General and administrative expenses dropped to $14 million, a $4 million decrease versus the same period in the previous year, mainly due to lower VAT and other nonincome taxes, stock-based compensation, accounting and legal fees, and personnel-related costs.
“We continue to focus on our vision to heal mental health disorders so that everyone, everywhere can live a more fulfilled life,” Florian Brand, co-founder and CEO, said in a Thursday statement.
He added that the first patient was dosed with Atai’s RL-007 in a randomized, placebo-controlled phase 2 study this past quarter.
In addition to RL-007, Atai is also conducting trials on two other drugs, GRX-917 and VLS-01. The first one, GRX-917, is aimed at treating anxiety disorders without the sedative side effects commonly associated with such treatments. The second, VLS-01, uses DMT to tackle severe depression that doesn’t respond to other treatments.
The company is also working on COMP360, a treatment using psilocybin (the active ingredient in magic mushrooms) to treat severe depression, anorexia nervosa, and PTSD, with significant results expected by summer 2024.

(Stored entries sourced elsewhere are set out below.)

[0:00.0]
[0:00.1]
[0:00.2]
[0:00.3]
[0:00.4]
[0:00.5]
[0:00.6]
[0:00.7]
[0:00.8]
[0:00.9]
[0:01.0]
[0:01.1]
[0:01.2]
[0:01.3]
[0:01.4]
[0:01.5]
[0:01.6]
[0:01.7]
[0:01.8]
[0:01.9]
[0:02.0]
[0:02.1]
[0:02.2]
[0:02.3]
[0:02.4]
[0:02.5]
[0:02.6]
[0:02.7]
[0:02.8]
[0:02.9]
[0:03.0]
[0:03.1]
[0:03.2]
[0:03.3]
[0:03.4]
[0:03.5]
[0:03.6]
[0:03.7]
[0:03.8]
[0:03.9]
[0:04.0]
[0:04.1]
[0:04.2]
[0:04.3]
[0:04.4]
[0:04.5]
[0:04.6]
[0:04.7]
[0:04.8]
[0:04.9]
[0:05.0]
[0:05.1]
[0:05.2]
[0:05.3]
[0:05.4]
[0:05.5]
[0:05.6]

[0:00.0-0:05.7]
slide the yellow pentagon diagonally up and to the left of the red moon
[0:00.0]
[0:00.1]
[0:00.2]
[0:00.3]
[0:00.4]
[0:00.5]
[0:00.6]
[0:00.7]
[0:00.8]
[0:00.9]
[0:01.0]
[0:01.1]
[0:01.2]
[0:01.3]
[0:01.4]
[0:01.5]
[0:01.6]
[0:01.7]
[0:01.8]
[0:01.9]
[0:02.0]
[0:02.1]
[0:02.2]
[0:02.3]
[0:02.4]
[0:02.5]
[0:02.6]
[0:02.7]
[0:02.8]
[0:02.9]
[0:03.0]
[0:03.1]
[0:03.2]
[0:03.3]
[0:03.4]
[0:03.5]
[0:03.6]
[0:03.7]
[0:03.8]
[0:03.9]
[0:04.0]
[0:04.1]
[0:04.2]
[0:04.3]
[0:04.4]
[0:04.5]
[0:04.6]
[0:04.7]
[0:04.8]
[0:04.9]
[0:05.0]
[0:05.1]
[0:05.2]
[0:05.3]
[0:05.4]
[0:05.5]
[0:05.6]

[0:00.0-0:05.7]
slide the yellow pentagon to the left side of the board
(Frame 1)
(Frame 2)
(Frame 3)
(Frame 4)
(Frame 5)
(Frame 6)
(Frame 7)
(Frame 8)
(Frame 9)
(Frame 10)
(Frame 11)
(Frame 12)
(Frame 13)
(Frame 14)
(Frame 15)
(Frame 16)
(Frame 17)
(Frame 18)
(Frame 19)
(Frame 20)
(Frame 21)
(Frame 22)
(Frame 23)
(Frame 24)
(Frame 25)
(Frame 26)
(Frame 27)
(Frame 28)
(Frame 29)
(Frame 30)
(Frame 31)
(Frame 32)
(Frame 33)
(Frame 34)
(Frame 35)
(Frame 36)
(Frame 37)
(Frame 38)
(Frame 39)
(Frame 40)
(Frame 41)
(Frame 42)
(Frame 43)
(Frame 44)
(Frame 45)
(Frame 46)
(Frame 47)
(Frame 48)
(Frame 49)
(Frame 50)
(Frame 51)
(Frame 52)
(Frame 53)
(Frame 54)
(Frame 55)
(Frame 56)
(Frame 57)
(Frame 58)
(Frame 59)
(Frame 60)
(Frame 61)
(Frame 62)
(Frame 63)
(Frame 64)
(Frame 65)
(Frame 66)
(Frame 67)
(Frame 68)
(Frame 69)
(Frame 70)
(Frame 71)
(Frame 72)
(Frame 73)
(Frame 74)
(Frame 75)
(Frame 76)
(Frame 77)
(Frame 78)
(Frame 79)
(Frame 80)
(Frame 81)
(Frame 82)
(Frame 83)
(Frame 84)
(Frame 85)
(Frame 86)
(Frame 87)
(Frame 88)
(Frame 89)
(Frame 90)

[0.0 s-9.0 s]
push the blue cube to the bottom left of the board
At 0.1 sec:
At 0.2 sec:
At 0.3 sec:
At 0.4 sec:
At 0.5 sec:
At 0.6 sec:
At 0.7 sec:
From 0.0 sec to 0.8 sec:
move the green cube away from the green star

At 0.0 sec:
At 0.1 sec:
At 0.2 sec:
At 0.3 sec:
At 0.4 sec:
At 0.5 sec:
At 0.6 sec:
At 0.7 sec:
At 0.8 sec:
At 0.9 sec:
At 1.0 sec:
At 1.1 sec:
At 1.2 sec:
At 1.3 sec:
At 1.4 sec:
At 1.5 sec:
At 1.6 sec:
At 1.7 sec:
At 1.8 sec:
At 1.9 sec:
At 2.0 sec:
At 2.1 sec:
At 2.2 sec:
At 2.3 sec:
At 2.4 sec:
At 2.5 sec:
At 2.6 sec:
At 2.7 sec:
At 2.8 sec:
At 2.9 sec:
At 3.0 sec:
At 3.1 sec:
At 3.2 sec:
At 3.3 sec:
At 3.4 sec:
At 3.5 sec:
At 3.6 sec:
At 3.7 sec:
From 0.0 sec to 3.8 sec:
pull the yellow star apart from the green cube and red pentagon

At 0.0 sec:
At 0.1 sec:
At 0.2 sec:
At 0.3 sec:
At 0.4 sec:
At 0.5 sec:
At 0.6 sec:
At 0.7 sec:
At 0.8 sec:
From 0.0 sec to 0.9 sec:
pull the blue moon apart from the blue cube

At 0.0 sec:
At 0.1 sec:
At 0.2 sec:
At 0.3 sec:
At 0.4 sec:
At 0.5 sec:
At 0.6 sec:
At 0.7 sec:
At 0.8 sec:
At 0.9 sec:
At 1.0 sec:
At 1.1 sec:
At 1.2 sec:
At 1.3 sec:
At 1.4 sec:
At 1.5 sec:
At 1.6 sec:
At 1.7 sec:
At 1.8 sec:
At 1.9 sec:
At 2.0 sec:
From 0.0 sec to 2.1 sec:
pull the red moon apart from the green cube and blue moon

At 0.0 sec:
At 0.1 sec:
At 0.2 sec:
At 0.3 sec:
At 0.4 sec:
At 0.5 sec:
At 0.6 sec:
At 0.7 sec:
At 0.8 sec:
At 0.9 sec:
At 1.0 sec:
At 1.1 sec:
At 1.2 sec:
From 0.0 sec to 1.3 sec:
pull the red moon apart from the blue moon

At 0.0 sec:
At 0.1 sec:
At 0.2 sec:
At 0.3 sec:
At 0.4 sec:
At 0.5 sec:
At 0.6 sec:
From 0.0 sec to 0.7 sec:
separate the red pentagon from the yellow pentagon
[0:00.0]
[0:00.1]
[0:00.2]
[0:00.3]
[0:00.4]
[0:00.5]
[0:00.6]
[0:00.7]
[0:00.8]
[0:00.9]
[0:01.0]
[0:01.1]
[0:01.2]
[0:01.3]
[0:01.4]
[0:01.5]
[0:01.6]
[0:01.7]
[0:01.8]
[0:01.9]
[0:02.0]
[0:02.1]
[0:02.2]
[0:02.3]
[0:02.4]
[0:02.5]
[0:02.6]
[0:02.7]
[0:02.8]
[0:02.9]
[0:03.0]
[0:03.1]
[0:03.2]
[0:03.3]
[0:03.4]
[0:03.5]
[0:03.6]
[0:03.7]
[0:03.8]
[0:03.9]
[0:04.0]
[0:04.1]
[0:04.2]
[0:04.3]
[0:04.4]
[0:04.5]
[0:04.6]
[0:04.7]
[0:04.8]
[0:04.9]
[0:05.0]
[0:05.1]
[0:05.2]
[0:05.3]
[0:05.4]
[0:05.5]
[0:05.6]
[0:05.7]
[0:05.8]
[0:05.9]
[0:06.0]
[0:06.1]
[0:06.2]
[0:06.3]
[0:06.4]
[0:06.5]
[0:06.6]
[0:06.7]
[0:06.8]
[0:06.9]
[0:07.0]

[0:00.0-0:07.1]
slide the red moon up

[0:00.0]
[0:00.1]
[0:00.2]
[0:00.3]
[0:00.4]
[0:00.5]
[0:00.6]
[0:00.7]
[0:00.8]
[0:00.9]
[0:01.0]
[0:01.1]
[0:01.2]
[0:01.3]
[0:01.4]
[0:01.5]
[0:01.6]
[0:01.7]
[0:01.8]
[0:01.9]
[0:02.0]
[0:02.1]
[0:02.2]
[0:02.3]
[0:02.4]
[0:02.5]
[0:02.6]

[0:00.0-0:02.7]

The earnings come after a round of layoffs Atai embarked in March, which resulted in cutting approximately 30% of its workforce as part of an effort to reallocate capital toward funding near-term projects. Brand reiterated that the efforts will maintain the company’s operations into the first half of 2026.
Most of the savings will come from labor cuts in nonclinical development as well as general and administrative expenses.
The company’s phase 2a clinical trial results looking at ketamine therapy to treat depression failed to meet its primary endpoint in January. The treatment did not prove enough of a statistically significant change in participants’ baseline depression score after 24 hours versus the placebo.